In October 2019, the EU Commission announced the Circular Economy Action Plan (CAEP) which aims to make legislation that would introduce and enforce standards of repairability necessary on all electronic products, including smartphones. “This is historic, it’s huge,” explains Mikolajczak. However, she also stresses that before celebrating we need to ensure this provision becomes a reality. It must not be watered down by industry during the process of legislating.” In warning, Mikolajczak cites the example of the universal smartphone charger. For over a decade, the EU Commission has been pushing for all smartphones from all companies to share a common charger to reduce e-waste. Yet, we still find ourselves with different chargers for all our products because Apple has spent billions of dollars on lawyers and lobbying that has ensured this regulation has never come to pass.

While the CEAP does not explicitly address the environmentally damaging and exploitative working conditions of smartphone production these issues would be significantly mitigated through repairability. Every new phone perpetuates the cycles of exploitation and environmental damage, in fact, 80% of the direct climate impact of smartphones occurs at the manufacturing stage due to the energy-intensive processes and rare metals involved. Likewise, much of the human rights exploitation and toxicity to workers occurs at this stage. Simply put, the more a phone can be repaired and updated, the fewer new phones need to enter the marketplace and therefore less damage is done to people and the planet in the first place.

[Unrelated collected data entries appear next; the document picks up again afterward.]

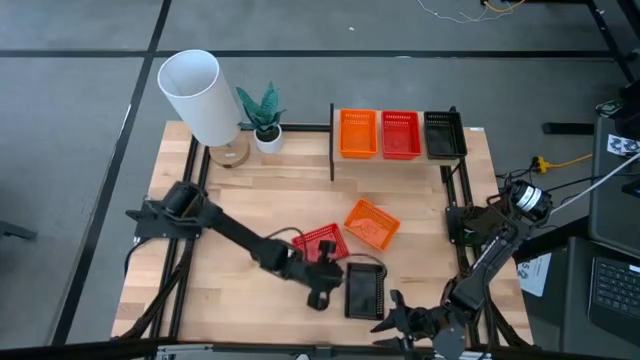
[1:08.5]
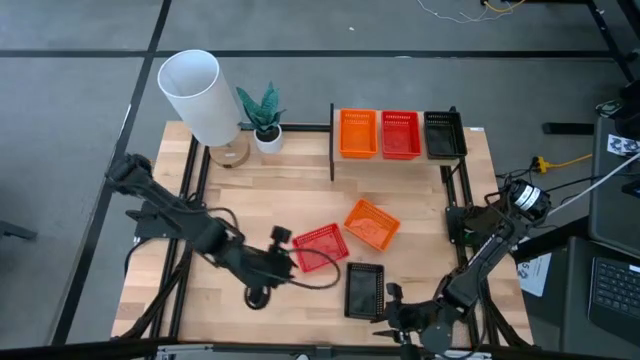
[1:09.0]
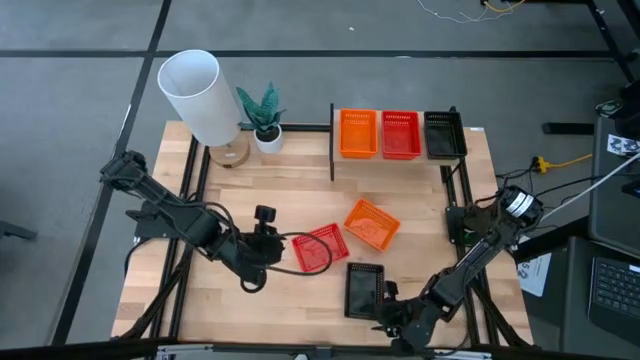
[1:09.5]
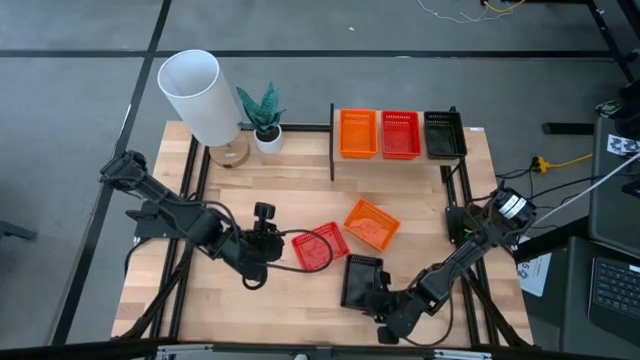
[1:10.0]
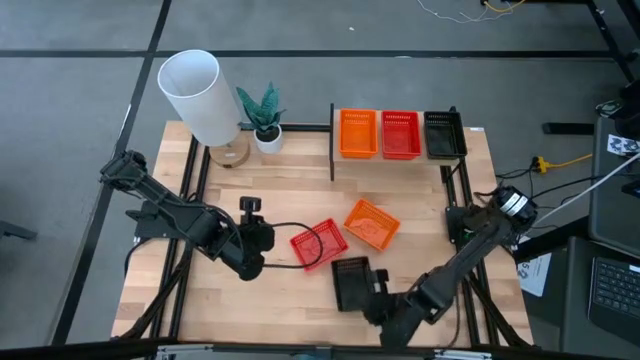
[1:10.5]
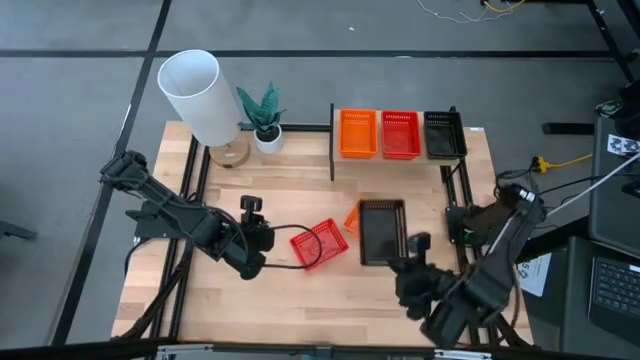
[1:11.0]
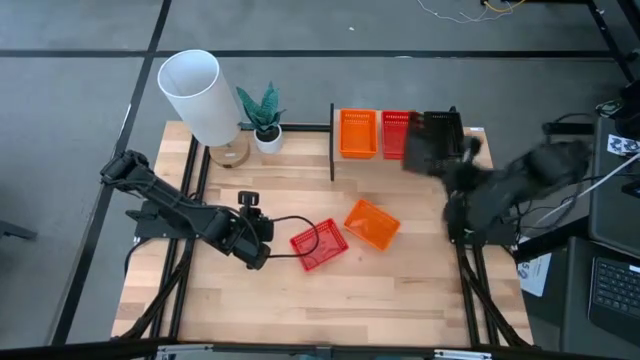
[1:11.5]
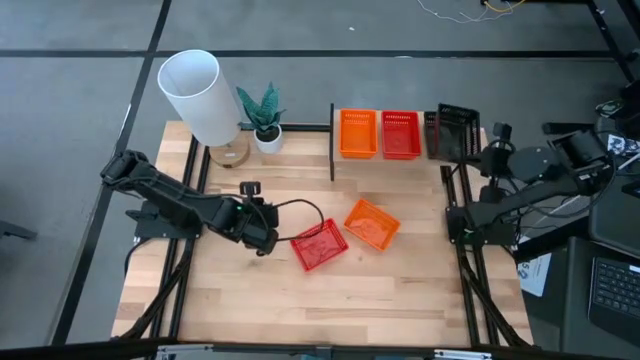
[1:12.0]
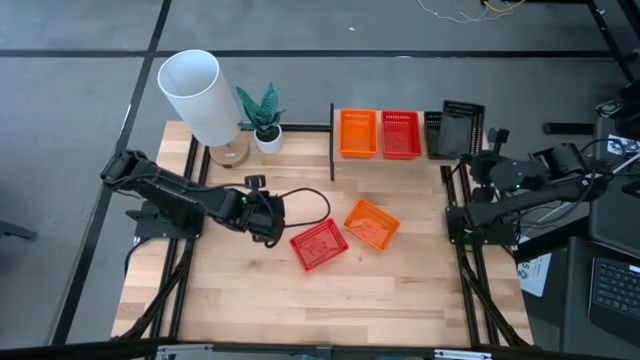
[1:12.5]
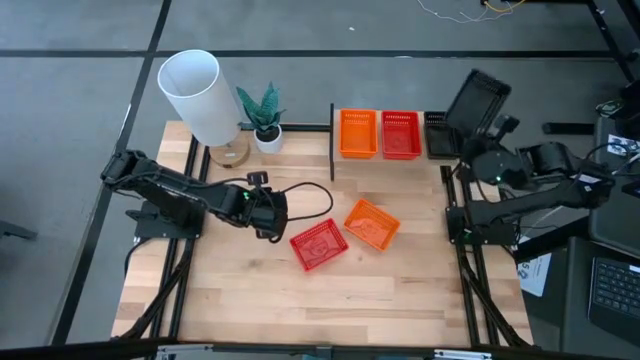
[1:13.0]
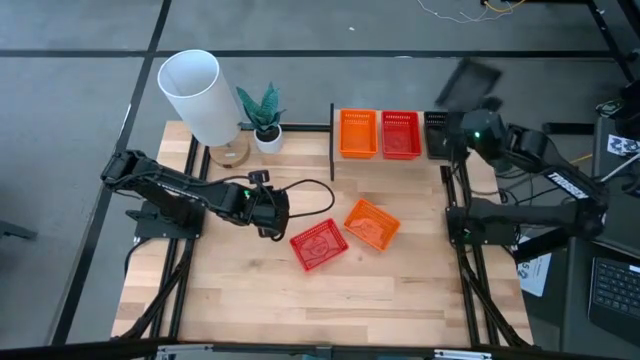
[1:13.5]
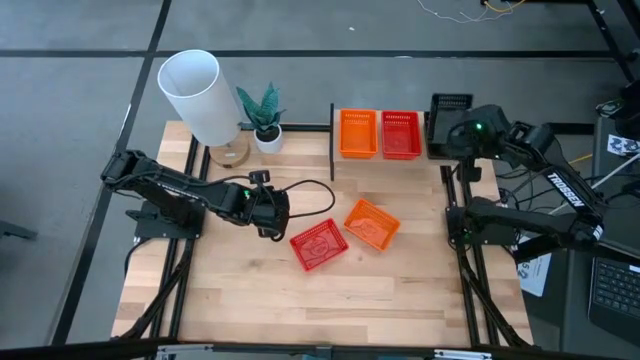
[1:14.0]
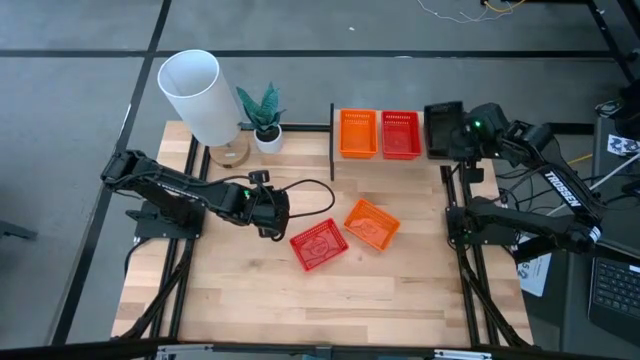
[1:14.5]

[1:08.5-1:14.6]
Task: Stack baskets on shelf by color
Stack the black basket on top of the black basket on the shelf

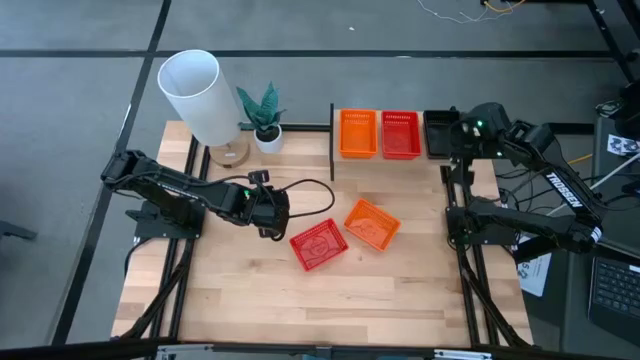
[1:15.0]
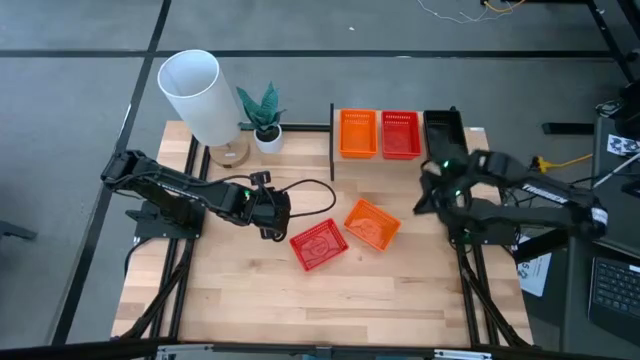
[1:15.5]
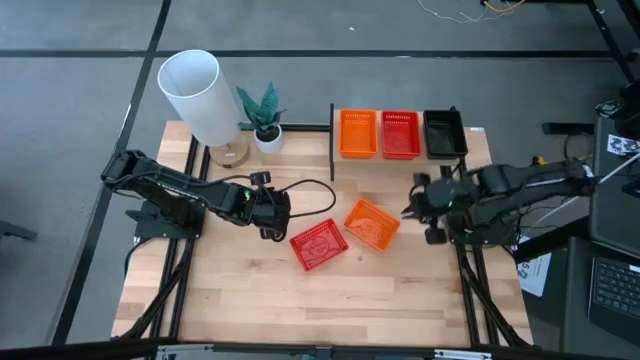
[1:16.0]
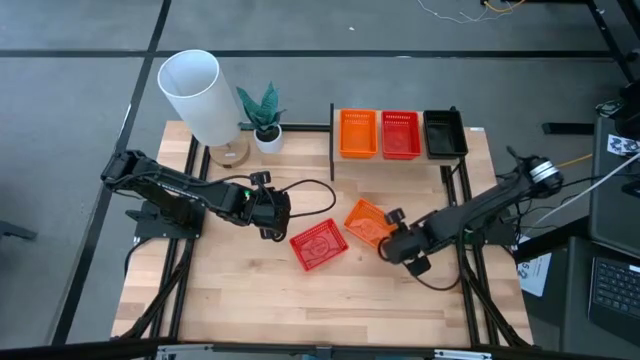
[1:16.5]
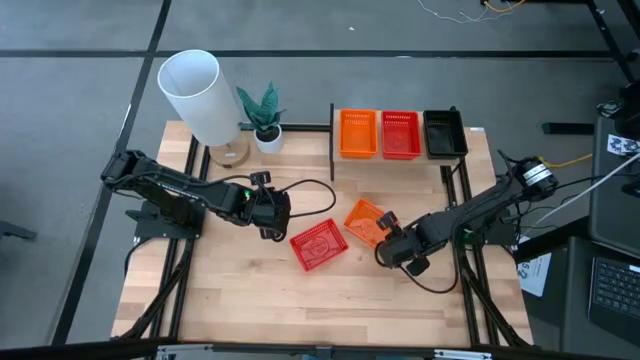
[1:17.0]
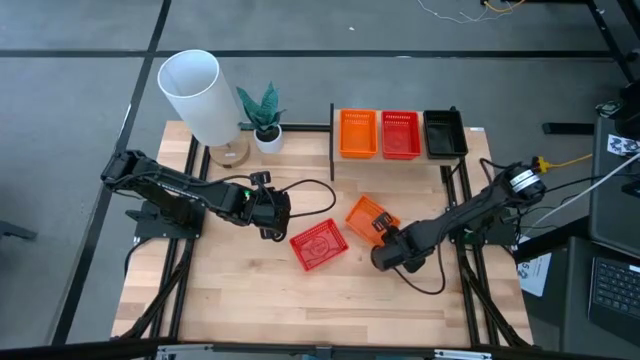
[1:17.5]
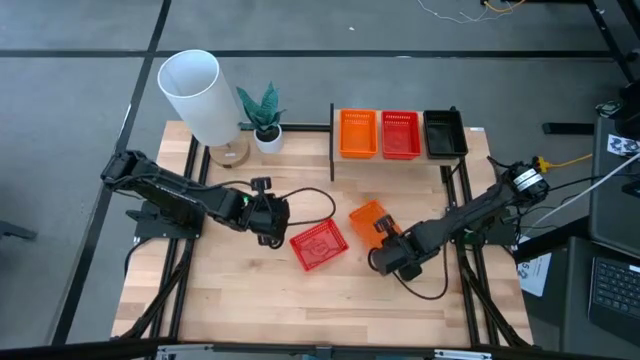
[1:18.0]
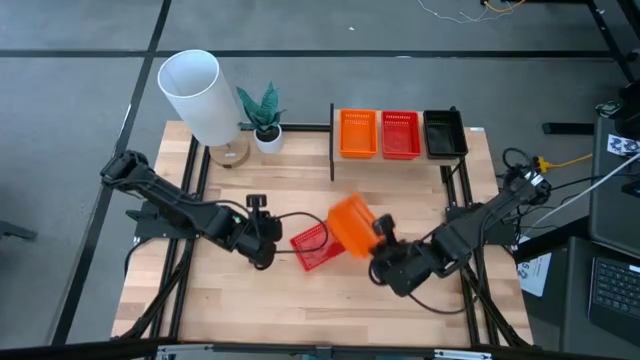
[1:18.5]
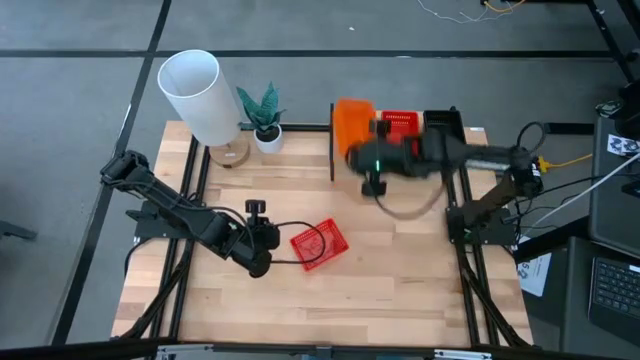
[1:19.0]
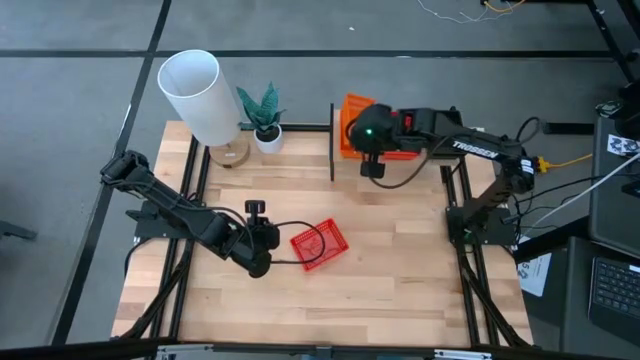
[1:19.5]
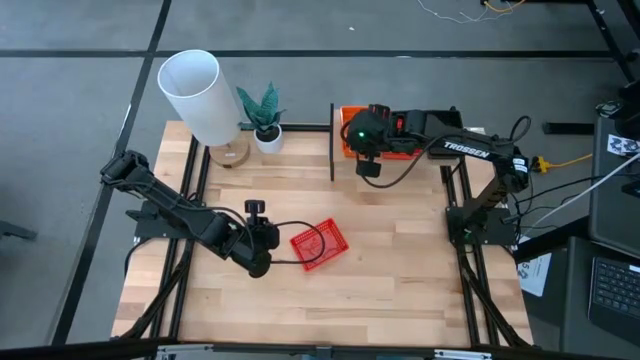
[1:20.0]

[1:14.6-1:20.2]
Stack the orange basket on top of the orange basket on the shelf

What Fairphone’s challenging and sometimes contradictory journey over the past seven years demonstrates is that are no simple solutions to fixing an industry whose rotten roots have been allowed to grow and proliferate unchecked for so many years. It will take multiple stakeholders, multiple years and multiple systematic changes to create a true shift in production standards. It cannot be done by a single company alone, but a single company can make us think about how we measure success. What happens when human life and environmental life are prioritized over profits?